Exercise goal: Transcribe all the records exactly and omit any images they hold.

++++ Data for review ++++

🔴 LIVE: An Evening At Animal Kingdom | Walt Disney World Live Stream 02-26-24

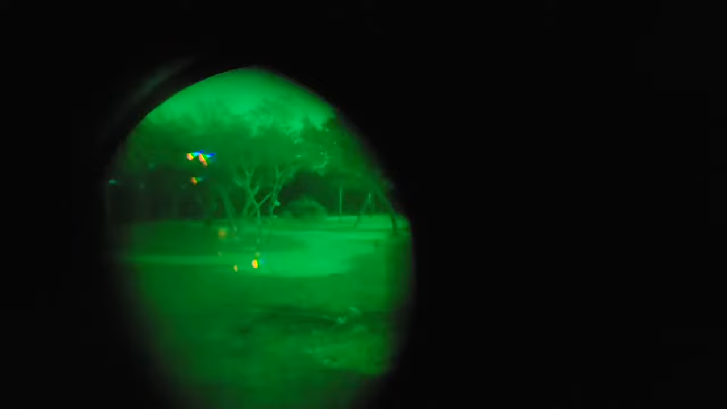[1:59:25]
Look. Those are amazing. That is incredible.
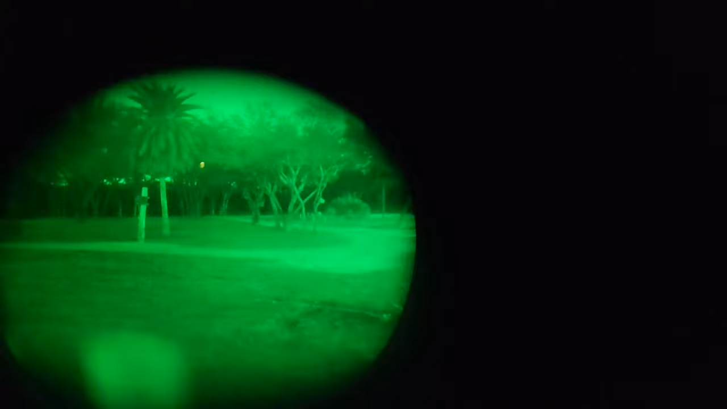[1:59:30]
Right over there, you can see something standing. Wait, what's where's it at?
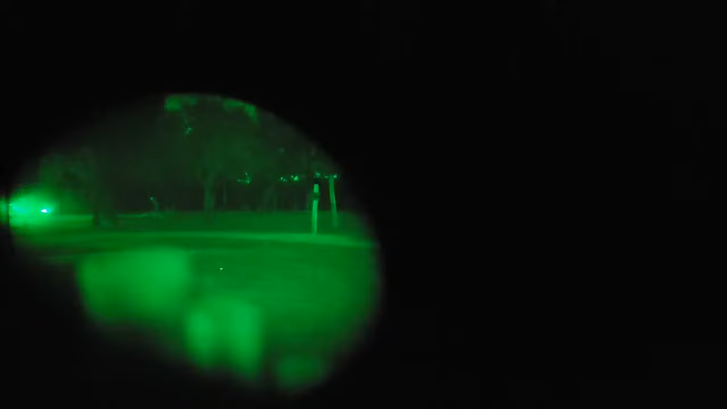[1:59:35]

++++

Finished task:
🔴 LIVE: An Evening At Animal Kingdom | Walt Disney World Live Stream 02-26-24

[1:59:25]
Look. Those are amazing. That is incredible.
[1:59:30]
Right over there, you can see something standing. Wait, what's where's it at?
[1:59:35]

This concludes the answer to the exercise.